Сам же Рихтер придерживался немного другой точки зрения. Он нарочно не спешил, давая возможность Отто сделать всю грязную работу. Если копнуть поглубже, в его чёрной как сажа душе, то выяснилось бы, что имени при рождении ему не давали вовсе. Судья Нюрмберга, достопочтенный Рихтер, нашёл подкидыша и воспитал его, как собственного сына. Правда пристрастия у судьи были весьма деликатного характера, за что и поплатился он холодным февральским вечером на конюшне. Приёмный сынок не просто убил 'благодетеля', он отрезал ему всё, что было можно и, нарисовав на стене пентаграмму, скрылся из города, прихватив все деньги. Пять лет он скитался по разным землям, примыкал к разбойникам, грабил, убивал, насиловал. В конце концов, по совету придушенного им на постоялом дворе умирающего рыцаря, оказался в Дерпте, где назвался Рихтером. Самозванец вскоре собрал вокруг себя три десятка подонков и, будучи грамотным, оказывал разного вида услуги епископу, за которые честный человек, ни в жизнь бы не взялся. Рихтер даже планировал вступить в Орден, возможно, так бы оно и было, но судьба свела его с Гротом. Спасшийся из Копорья свей собирался отбыть в Венецию, а дабы ехать не с пустыми руками, перекупил у епископа пленных прусских язычников, отправленных служителю церкви для обращения в истинную веру. Их-то и охранял лжерыцарь, на момент передачи товара. Так сказать, проходил испытательный срок. А так как дела надо доводить до конца, то епископ отправил Рихтера в Самолву, чтобы подсобить Отто, привести Гюнтера Штауфена на суд, а заодно забрать обратно рабов.

— Сто раз прав Грот. Славянские девки — самые красивые, не чета нашим. — Подумал про себя Рихтер, ехавший на коне позади плетущихся пленниц, и воровато, словно два работорговца могли услышать его мысли, обернулся.

— Телега!

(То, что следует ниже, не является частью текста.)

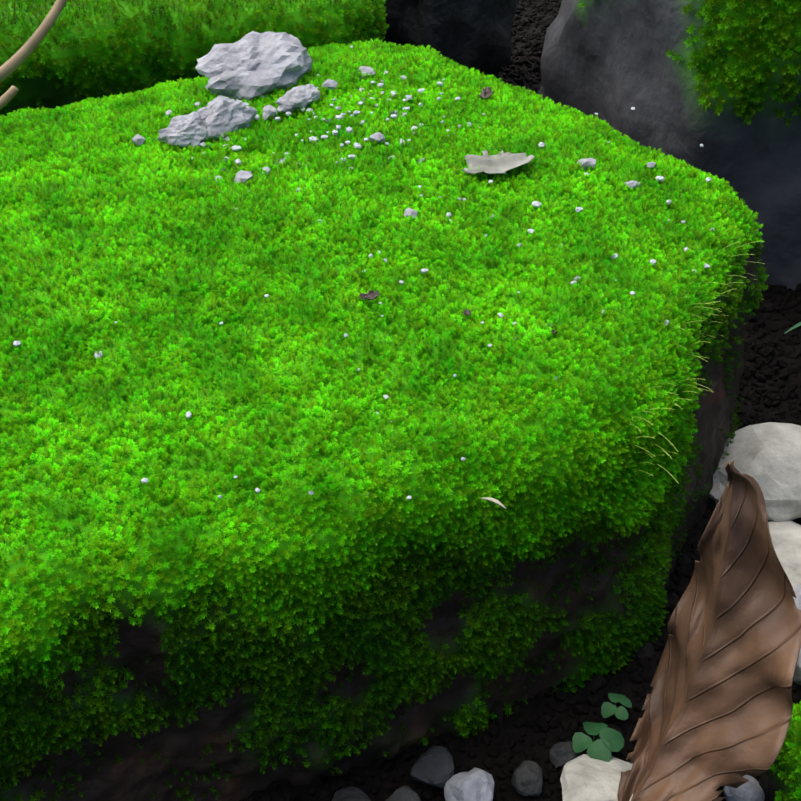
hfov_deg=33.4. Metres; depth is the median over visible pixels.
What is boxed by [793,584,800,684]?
ground stone
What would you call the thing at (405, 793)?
ground stone
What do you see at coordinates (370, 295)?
leaf fragment
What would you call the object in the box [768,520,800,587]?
ground stone
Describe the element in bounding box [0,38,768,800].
mossy stone block
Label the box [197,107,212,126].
rock
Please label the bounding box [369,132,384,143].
pebble
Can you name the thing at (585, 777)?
ground stone
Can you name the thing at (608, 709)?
clover
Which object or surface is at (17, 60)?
twig
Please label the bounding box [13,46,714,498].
grit on moss
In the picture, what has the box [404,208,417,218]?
pebble
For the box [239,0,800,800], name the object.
ground
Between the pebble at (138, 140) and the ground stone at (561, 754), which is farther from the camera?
the pebble at (138, 140)
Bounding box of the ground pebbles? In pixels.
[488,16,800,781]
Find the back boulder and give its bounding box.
[537,0,800,289]
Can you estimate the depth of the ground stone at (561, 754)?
0.53 m
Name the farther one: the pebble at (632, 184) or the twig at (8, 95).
the twig at (8, 95)
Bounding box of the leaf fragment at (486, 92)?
[479,86,494,98]
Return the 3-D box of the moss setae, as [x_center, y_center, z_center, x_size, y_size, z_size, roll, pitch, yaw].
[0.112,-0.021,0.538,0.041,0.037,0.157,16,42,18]
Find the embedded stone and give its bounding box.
[663,571,670,592]
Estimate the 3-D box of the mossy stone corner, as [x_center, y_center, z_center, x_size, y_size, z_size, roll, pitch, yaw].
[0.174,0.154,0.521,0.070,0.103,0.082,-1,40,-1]
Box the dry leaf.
[617,460,800,800]
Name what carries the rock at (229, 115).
on the mossy stone block at (174, 628)
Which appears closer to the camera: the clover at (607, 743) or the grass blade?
the clover at (607, 743)
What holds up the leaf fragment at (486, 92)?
on the mossy stone block at (174, 628)
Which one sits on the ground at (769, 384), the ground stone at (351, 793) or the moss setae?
the ground stone at (351, 793)
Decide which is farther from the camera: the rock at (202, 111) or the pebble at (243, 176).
the rock at (202, 111)
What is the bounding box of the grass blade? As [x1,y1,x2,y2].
[785,322,800,332]
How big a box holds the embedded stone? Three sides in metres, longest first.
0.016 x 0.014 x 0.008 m
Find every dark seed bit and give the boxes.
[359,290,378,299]
[462,308,470,315]
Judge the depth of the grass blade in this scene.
0.67 m
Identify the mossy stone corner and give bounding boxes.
[759,701,800,800]
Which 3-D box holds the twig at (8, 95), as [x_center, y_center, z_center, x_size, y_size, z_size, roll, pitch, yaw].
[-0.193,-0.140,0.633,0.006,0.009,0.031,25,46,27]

Телега впереди! — раздались голоса из авангарда, — Да тут ещё одна деревня.

— Вперёд! Окружить! — Скомандовал Рихтер своему отряду.

Наёмники, сбросив мешавшие им щиты, побежали за телегой, растягиваясь в разные стороны, стремясь окружить два добротно построенных дома с множеством пристроек, обнесённых двухаршинным частоколом со стороны фасада и невысоким плетнём с тыльной стороны, за которым простирались огороды. Повозка явно спешила достичь распахнутых ворот, и Рихтер не удержался, повинуясь охотничьему инстинкту, пришпорил коня, бросившись в погоню, увлекая за собой работорговцев.

Как только широкие спины преследователей оказались на ещё не скошенном лугу[14], со стороны березняка щёлкнули тетивы арбалетов. Работорговцы свалились с коней, штук шесть пехотинцев, словно споткнувшись, рухнули на траву, а не видевшие смертей своих товарищей наёмники бежали дальше, вперёд, к будущей добыче. Вслед за выстрелом из рощи стали выезжать всадники, украшенные торчащими из сочленений доспехов берёзовыми ветками, отчего лесок, казалось бы, сдвинулся с места. Короткий разбег — и рыцарская конница уже летит смертоносным галопом, выставив перед собой копья. Несколько секунд скачки и над полем воцарился вой людского избиения. Датчане Трюггви ловко шерудили копьями, лошади сбивали людей с ног, топтали копытами, а Гюнтер настигал Рихтера.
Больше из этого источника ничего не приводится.